Before the something found us.

• • •

We drove back to the House at speeds that weren’t precisely legal. Neither Ethan nor I wanted to leave it for long.

Mallory and Catcher met us in Ethan’s office in front of a spread of pizza boxes on the conference table.

“We have exonerated Mickey Riley!” she pronounced, slice of pepperoni in hand.

“And managed dinner, apparently,” Ethan said.

“Malik ordered it,” she said, wiping grease from her fingers. “Decided the team needed a refuel.”

It wasn’t Saul’s, my favorite Chicago chain that offered my favorite pizza—cream cheese and double bacon—but it was laden with pepperoni and still gleaming with heat and grease. My stomach rumbled with hunger, and my self-healing vampire arteries rejoiced.

“I’m game,” I said, and pulled out a chair, grabbed a slice, and took a seat. “Tell us about Riley.”

Ethan sat down beside me, got his own slice. My heart leapt happily when he skipped the plate and fork, opted only for a napkin. I’d rubbed a little of the shine off of him, and that was fine by me.

“It’s not Riley,” Mallory said. “In the grave, I mean. Very much Riley’s name on the records, very much Riley not in the ground.”

“Then who the hell is it?” Ethan asked.

“Not Riley,” Mallory said with a grin, a long string of cheese stretching between the pie and the second slice of pizza she’d lifted from it.

“Turns out Mickey Riley had a very distinctive feature.” Catcher held up a hand, all the fingers curled down except his little finger. “He was missing the pinkie on his right hand. Butcher in the 19th Ward cut it off during a disagreement about protection money. But the body in the grave had all ten fingers. On the upside, it did have something you’ll find familiar.”
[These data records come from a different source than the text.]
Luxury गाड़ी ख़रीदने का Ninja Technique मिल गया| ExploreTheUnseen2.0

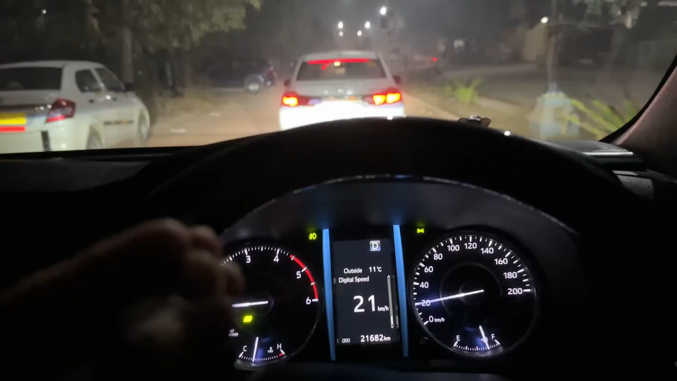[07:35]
3-4 डिग्री दिखा रहा था, और जो एक्चुअल फील था ना वो 1-2 डिग्री।
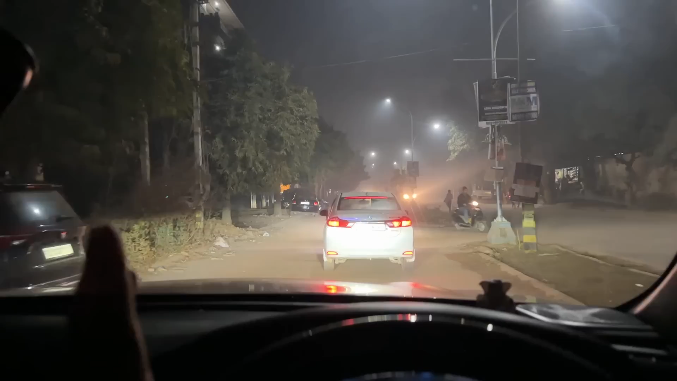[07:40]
मतलब जिस हिसाब से मनाली में ठंड पड़ रही थी ना, वैसे यहाँ लग रहा है यार गाड़ी के अंदर, देखो मैं सच्ची बता रहा हूँ, 27.5 डिग्री करके बैठा हूँ।
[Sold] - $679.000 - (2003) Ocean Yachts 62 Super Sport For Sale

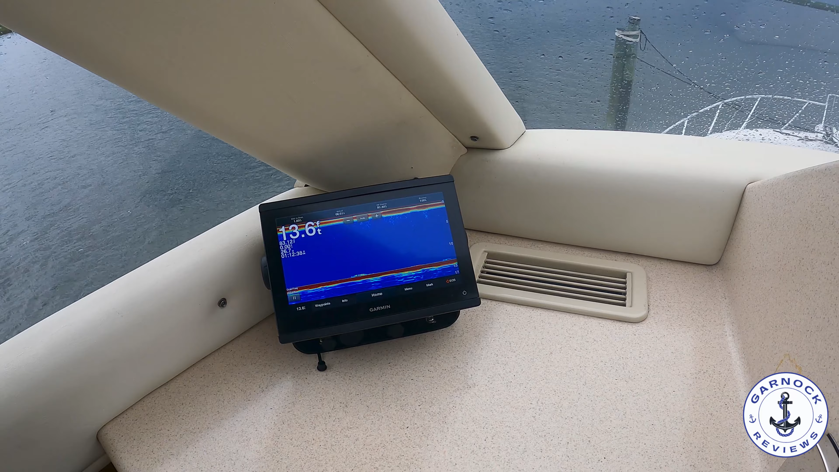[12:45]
On screen: depth 13.6 ft
you've got a ray marine gps chart plotter and this one's coupled up to the radar and next to it you've got the raytheon speed log depth
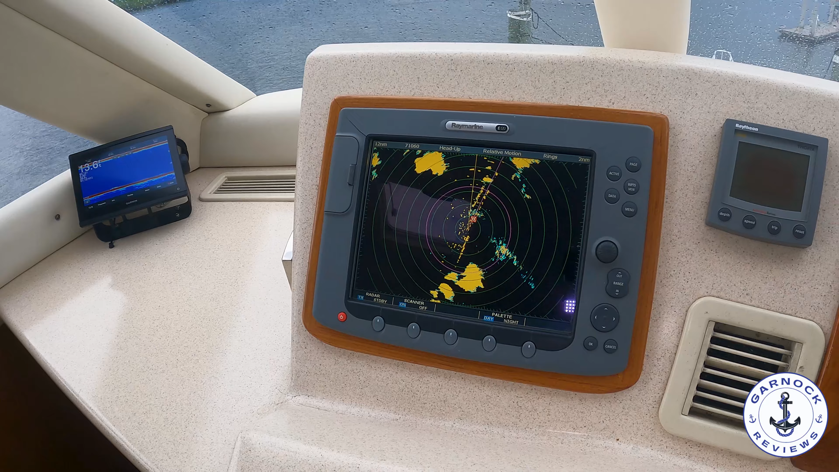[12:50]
we've got another ac vent and then a color garmin multi-function display and that's a danforth

He pulled up an image on his phone, handed it to me.

On a background of silver that I suspected was an autopsy table sat a pair of old-fashioned spectacles with small, round lenses.

“These look like the same glasses worn by the ghost who attacked us in the tunnel.” I looked up at Catcher, handed the phone to Ethan. “So our ghost, whoever he was, was in Mickey Riley’s grave.”
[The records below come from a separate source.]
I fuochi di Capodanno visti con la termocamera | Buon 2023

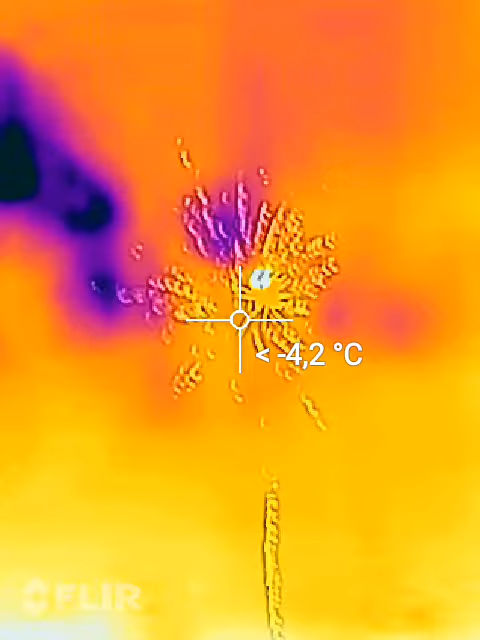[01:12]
On screen: spot -4.2°C
stai filmando? Io con la termocamera. Durerà 3 ore. Dopo ce li scambiamo. Mizzega! Sembra di essere in un videogioco! Questo dai con la termocamera.
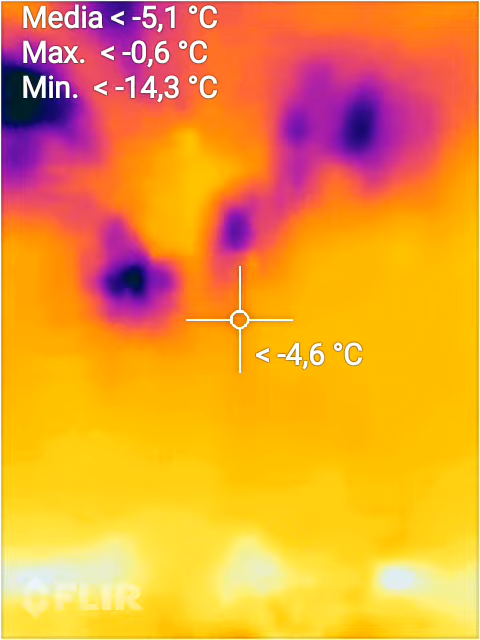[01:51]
On screen: spot -4.6°C, max -0.6°C, min -14.3°C
Praticamente vedi quanto calore producono. Quanto ne producono? Adesso sto cercando di capire.

I was relieved that one of the pieces had fallen into place—if still concerned about the who and the why.

“If not Riley, did the forensics team know who the remains belong to?” Ethan asked.
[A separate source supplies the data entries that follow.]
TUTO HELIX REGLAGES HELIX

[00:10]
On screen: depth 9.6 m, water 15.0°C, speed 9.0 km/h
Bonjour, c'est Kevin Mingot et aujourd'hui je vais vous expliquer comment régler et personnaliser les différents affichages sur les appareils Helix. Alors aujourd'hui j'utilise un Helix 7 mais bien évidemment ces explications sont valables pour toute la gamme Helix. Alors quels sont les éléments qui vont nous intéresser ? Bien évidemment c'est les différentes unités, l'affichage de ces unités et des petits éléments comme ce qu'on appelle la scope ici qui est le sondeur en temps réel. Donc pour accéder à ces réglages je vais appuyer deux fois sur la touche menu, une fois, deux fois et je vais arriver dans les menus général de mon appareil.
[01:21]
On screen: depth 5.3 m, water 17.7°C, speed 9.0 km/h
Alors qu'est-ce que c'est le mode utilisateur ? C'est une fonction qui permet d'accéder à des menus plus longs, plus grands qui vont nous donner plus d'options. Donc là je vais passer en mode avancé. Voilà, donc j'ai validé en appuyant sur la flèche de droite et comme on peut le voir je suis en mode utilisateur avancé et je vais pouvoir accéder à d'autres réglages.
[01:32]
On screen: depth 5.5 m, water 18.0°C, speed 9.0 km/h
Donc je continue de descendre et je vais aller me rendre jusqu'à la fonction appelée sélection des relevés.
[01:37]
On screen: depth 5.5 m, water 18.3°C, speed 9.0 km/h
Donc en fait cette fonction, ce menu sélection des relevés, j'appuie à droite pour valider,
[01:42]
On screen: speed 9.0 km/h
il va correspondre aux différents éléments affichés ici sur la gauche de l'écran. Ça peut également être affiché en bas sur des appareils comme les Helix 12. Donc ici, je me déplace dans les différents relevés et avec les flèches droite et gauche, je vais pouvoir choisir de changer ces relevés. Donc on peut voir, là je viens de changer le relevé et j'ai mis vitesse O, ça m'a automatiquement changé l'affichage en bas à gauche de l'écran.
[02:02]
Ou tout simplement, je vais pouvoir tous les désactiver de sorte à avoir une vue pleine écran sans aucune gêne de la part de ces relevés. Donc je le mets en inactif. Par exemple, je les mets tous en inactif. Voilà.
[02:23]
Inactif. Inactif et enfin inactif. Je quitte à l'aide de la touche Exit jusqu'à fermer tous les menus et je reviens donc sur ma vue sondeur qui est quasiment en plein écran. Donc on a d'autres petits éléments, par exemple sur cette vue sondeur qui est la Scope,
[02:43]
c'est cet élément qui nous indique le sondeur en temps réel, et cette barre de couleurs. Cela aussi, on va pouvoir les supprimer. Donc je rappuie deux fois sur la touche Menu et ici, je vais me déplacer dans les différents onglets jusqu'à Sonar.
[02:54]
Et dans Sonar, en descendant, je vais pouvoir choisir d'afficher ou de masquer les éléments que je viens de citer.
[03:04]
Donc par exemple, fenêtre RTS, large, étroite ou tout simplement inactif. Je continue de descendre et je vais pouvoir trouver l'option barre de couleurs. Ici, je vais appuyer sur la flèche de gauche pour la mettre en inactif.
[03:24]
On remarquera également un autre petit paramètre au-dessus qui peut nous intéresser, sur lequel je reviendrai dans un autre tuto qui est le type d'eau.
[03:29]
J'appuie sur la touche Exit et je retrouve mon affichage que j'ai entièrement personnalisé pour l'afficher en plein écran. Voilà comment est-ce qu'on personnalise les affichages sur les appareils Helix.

“No,” Catcher said. “There’s no identifying information with the remains and no matches in the DNA archive. They’ve surmised this gentleman is older than Riley based on the condition of the bones, the glasses, the fabric. Have you looked up the marker from tonight’s site?” Catcher asked. “Maybe his and Riley’s records were reversed.”

I swallowed a mouthful of pizza, adjusted the tablet on the conference table, headed for the cemetery records. “Good idea. Hadn’t gotten there yet.”